3. Never pay full price for anything. This bit of advice has obvious exceptions; there are times that you have to pay full price for things. Nevertheless, most things you buy have variable prices, and many purchases with set prices can be delayed or avoided entirely. Making a habit of paying the lowest price you can find saves a lot of money and makes personal finances much easier to manage.
A related, more specific bit of advice to help with this practice is “Don’t pay for the name.” Many brand names, especially designer brands, have lower-priced alternatives of equal quality. The price difference comes from the popularity and image associated with the brand name. The extra price you pay for the brand equates to “paying for the name.”
4. Both offense and defense are important. A football team wouldn’t go on the field with the intent of playing just offense or just defense; we should expect to do both, as well. Offense (earning money) and defense (preventing the loss of money through good saving and investing habits) are both important to avoiding defaults. Single people usually have to be iron men and women, playing both offense and defense, but couples may find that they are most effective financially when they work as a team, with one person focusing on earning while the other focuses on saving/investing.

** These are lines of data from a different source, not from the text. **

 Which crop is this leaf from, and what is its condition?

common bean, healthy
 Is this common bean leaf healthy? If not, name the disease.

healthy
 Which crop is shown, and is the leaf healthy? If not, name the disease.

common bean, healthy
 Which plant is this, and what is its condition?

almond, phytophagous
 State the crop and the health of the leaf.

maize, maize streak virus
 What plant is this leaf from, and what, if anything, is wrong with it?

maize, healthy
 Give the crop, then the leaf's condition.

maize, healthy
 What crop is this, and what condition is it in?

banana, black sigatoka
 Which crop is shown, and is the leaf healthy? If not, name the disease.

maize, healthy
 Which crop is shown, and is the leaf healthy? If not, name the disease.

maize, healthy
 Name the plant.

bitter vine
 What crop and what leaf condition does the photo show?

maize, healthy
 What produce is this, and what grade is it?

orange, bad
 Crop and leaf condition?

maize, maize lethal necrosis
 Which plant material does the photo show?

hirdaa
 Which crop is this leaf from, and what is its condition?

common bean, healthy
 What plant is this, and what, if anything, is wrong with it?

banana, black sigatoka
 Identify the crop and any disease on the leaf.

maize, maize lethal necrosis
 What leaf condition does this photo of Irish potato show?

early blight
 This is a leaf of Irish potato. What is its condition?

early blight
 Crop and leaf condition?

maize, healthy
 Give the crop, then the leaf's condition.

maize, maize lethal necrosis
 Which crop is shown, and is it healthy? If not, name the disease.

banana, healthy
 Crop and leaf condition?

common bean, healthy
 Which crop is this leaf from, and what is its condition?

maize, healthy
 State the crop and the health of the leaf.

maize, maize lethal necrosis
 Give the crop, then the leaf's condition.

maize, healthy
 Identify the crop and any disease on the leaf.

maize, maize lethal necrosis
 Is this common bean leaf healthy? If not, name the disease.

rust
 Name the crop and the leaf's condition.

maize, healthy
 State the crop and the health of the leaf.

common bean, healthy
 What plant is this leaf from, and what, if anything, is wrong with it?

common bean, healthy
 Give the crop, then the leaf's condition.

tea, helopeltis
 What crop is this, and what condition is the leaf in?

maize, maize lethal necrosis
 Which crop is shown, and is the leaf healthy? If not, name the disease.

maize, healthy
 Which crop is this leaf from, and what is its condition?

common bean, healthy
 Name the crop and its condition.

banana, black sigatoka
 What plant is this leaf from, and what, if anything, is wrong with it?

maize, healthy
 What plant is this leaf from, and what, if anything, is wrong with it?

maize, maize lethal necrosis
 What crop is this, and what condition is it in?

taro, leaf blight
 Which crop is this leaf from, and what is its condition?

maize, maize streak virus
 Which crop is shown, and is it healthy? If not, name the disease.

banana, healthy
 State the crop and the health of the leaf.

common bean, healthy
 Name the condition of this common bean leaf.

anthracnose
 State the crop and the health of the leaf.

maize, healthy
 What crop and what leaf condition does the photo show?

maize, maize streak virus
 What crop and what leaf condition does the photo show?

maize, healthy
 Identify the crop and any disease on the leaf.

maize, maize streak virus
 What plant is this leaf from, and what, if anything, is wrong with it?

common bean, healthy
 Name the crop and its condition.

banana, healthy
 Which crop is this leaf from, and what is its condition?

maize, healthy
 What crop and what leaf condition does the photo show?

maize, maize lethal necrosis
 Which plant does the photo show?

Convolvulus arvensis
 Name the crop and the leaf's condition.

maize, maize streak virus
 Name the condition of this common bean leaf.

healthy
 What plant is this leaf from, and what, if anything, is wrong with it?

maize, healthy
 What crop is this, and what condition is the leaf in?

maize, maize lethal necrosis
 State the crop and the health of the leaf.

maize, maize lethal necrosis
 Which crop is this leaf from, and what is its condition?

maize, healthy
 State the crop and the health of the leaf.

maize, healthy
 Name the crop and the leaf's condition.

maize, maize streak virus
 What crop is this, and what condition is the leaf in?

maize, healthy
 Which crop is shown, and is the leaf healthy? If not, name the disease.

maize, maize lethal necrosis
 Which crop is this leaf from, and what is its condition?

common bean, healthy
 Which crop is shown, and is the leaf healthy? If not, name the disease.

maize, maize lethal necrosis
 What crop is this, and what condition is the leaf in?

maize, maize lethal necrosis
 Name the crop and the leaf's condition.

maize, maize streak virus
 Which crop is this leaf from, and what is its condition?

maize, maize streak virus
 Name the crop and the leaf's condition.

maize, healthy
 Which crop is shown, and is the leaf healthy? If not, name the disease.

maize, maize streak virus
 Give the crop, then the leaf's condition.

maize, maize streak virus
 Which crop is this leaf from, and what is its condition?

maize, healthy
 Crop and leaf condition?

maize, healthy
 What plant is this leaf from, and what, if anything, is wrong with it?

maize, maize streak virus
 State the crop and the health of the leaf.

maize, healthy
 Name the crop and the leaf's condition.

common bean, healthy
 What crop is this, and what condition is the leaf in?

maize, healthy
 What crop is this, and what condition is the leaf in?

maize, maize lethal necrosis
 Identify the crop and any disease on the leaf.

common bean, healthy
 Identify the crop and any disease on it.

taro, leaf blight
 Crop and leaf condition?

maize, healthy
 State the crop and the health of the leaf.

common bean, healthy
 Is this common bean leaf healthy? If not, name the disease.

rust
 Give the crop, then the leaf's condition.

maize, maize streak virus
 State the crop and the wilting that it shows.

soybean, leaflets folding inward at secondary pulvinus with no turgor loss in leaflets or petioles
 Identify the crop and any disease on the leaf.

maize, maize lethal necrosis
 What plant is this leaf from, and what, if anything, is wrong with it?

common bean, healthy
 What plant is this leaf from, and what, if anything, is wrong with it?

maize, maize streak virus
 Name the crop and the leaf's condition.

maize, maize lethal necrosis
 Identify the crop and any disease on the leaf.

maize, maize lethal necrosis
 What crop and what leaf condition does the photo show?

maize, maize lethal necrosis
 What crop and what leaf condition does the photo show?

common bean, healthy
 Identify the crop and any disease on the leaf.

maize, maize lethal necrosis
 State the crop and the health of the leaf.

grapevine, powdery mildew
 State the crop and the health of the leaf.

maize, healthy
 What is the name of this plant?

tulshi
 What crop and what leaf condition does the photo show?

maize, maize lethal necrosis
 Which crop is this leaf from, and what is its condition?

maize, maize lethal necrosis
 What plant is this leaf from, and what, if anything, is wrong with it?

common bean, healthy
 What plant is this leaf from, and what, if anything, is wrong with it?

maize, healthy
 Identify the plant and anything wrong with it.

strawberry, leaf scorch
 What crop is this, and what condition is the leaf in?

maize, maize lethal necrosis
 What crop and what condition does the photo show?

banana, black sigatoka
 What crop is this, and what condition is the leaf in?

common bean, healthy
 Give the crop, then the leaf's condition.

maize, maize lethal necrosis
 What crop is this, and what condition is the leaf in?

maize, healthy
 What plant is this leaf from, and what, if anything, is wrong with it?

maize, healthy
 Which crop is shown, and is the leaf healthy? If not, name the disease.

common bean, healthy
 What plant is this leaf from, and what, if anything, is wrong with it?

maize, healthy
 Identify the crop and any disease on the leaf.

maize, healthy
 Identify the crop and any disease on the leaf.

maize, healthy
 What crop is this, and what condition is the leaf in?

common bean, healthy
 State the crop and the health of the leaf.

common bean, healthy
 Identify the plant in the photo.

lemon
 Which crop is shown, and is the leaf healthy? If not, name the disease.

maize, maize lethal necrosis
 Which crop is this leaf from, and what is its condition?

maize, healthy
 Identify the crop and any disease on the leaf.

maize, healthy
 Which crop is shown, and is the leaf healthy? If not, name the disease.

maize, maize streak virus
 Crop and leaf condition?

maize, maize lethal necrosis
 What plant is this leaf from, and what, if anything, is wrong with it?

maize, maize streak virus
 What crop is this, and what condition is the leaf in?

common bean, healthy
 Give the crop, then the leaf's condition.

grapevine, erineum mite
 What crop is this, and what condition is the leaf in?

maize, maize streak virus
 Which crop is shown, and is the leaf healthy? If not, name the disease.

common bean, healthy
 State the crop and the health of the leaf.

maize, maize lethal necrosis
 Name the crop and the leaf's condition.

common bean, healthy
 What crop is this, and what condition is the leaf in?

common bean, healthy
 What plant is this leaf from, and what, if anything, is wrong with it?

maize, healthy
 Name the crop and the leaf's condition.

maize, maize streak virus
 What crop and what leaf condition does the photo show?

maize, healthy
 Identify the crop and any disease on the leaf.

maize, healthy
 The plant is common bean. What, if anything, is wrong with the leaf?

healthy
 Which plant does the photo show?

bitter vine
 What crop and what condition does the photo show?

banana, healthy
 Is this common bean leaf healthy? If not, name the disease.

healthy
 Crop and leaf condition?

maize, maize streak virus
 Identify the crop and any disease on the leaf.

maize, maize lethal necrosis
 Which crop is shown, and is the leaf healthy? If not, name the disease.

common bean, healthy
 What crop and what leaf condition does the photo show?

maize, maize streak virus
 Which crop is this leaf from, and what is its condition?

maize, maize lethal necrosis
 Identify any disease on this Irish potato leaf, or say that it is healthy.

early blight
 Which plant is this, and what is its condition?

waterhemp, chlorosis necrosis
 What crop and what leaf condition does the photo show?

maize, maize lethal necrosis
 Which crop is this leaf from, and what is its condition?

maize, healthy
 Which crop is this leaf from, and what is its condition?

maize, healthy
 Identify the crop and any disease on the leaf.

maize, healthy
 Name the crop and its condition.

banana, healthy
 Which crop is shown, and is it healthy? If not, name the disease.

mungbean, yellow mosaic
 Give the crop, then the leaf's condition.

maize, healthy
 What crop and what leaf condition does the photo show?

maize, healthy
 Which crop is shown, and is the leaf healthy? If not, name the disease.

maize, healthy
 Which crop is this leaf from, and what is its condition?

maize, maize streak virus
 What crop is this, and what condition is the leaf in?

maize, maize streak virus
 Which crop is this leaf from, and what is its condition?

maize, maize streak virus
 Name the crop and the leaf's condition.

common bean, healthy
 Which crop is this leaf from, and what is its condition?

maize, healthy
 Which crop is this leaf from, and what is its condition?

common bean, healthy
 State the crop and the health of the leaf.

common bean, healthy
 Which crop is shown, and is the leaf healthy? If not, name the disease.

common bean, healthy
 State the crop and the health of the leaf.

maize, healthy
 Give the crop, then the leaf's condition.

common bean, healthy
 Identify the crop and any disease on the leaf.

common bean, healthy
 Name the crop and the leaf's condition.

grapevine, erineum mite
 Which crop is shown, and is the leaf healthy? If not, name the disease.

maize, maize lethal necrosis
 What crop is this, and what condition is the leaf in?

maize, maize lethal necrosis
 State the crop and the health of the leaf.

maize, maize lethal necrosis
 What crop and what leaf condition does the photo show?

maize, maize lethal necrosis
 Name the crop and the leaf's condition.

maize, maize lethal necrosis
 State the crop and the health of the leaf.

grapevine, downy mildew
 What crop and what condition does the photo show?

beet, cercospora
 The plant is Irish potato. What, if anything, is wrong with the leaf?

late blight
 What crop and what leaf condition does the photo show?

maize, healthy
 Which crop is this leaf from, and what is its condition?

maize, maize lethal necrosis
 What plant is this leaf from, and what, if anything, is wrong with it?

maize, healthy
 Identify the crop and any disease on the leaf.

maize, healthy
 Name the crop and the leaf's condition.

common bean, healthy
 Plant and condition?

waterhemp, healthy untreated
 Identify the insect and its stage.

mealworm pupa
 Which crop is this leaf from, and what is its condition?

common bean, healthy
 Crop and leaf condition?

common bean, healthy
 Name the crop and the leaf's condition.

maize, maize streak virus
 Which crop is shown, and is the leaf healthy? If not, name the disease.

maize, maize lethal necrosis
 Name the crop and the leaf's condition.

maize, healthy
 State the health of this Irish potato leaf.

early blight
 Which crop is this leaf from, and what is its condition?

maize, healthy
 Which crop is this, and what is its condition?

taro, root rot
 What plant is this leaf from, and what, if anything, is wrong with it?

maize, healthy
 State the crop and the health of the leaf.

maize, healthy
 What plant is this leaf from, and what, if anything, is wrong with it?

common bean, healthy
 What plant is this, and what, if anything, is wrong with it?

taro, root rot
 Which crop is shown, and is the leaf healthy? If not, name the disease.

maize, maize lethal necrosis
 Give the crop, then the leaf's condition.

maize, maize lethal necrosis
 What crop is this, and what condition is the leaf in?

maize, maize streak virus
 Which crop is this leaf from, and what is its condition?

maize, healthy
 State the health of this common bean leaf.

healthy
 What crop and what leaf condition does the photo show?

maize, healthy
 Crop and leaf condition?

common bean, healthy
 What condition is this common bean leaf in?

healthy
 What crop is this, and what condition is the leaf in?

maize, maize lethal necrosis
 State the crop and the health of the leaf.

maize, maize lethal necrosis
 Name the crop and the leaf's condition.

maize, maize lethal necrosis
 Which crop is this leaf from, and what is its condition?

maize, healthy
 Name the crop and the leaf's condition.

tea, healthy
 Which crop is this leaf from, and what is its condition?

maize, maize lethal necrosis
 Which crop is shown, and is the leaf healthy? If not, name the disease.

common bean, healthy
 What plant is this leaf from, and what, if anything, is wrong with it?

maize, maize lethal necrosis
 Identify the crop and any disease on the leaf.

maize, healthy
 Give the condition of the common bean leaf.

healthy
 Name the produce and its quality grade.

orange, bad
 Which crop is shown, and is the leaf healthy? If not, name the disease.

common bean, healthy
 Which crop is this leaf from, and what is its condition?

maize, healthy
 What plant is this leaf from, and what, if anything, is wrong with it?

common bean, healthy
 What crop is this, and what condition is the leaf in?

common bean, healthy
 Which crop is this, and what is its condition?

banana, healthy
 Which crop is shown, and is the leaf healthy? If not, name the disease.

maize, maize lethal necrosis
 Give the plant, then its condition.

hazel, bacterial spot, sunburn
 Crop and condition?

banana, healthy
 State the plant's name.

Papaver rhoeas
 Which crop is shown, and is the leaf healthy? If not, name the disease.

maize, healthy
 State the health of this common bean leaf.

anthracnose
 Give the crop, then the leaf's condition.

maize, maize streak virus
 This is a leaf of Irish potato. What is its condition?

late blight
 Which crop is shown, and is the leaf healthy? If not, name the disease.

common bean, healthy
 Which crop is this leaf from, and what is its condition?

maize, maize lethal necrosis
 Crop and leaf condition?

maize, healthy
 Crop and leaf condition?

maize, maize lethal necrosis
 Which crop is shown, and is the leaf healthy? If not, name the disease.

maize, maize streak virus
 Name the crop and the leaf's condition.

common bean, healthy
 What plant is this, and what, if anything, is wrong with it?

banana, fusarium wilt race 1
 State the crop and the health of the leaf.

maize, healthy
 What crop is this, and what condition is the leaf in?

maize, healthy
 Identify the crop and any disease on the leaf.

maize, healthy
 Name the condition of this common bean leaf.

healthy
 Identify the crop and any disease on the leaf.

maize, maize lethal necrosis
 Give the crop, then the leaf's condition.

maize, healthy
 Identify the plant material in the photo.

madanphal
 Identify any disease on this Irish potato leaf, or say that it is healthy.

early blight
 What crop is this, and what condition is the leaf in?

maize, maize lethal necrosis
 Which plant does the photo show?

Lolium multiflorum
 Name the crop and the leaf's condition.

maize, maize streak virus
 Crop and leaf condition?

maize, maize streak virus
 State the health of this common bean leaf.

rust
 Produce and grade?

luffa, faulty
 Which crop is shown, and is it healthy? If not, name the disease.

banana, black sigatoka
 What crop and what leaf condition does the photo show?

5. Waste not, want not. You probably have heard this proverb in relation to household supplies rather than money, but it applies to both. Avoiding waste in your household means you have to buy less and are able to save more money; avoiding waste in all your spending habits means that you are likely to have money available when you really need it.
6. Start young. Yes, anyone with poor money management skills can make a change to wise financial practices at any age, but those who start young can build their wealth with much less effort. Compound interest and reinvested dividends make a difference. Also, starting off with good financial habits is much easier than having to break bad habits. As a parent, I talk with my children about money even before they are old enough to completely grasp the concept. I want them to have the advantage of starting young, too.
7. “Make as much as you can; save as much as you can; give as much as you can.” When a development (fundraising) consultant first quoted Methodist preacher John Wesley to me, I wondered how it was possible to both save all I could and give all I could. After thinking about it, I realized that giving all I can doesn’t necessarily mean giving all my spare money or giving to every good cause. Sometimes, giving all I can means saving and earning interest so that I can give more when a need arises for which I can really make a difference. It is important to evaluate carefully every giving opportunity to be sure that the money (and time) I am able to give will be used as effectively as possible.
I do not question the value of giving, as many people do; I have seen the results of generosity in both givers and recipients. In fact, the portion of this advice that I am most likely to dispute is the first — make as much as you can. In my own life I have intentionally chosen to earn less than I am able to earn so that I can do work I enjoy (writing and editing) and can dedicate most of my time to my family. The relationship between earning, saving, and giving money is complicated, but aiming to increase one or more of the three with each financial decision I make is a good guideline to follow.
8. Treat yourself occasionally. Like a too-strict diet, a too-tight budget can have a negative effect on meeting goals. If I never treat myself to a small luxury, I may believe I am unable to live within a budget and give up completely on trying to save money. Beware of too many treats, of course, but don’t try to avoid all non-essential spending altogether.
9. If it sounds too good to be true, it probably is. Because it’s hard to resist a bargain or a great money-making opportunity, it’s especially important to evaluate carefully every proposed deal or investment. Ask yourself how any deal benefits the other party; if the benefit isn’t obvious, the offer is likely to be a scam. Whenever something seems off, avoid it — or at least take some time to think it over. If you wind up missing a great deal, at least you can learn from your mistake.
10. Buy Fidelity’s OTC Portfolio. This bit of my dad’s rare specific advice encouraged my husband and me, then newlyweds, to buy our first mutual fund. Within a year, our money had almost doubled, and we had enough saved to pay cash for a new car. Like much advice, this recommendation was perfect for that time in our lives but not forever. (We no longer own any shares of this specific fund.) It does, however, illustrate the fact that what constitutes good advice will change from time to time. What works at one time in your life may not work at another time; you have to regularly evaluate your financial needs and goals.
Buying this mutual fund was also good advice for us because it gave us a good start to investing. Following that initial success, we have learned to take calculated risks, and we have not become overly discouraged by a few failures in the stock market.
Now the best financial advice I have ever received is yours for the taking, too — all of it for free. I am not a millionaire, but I am comfortable with what I have and satisfied that (barring an extraordinary catastrophe) my habits will provide for the future needs of my family. I would be thrilled if some of this advice helped you feel the same way.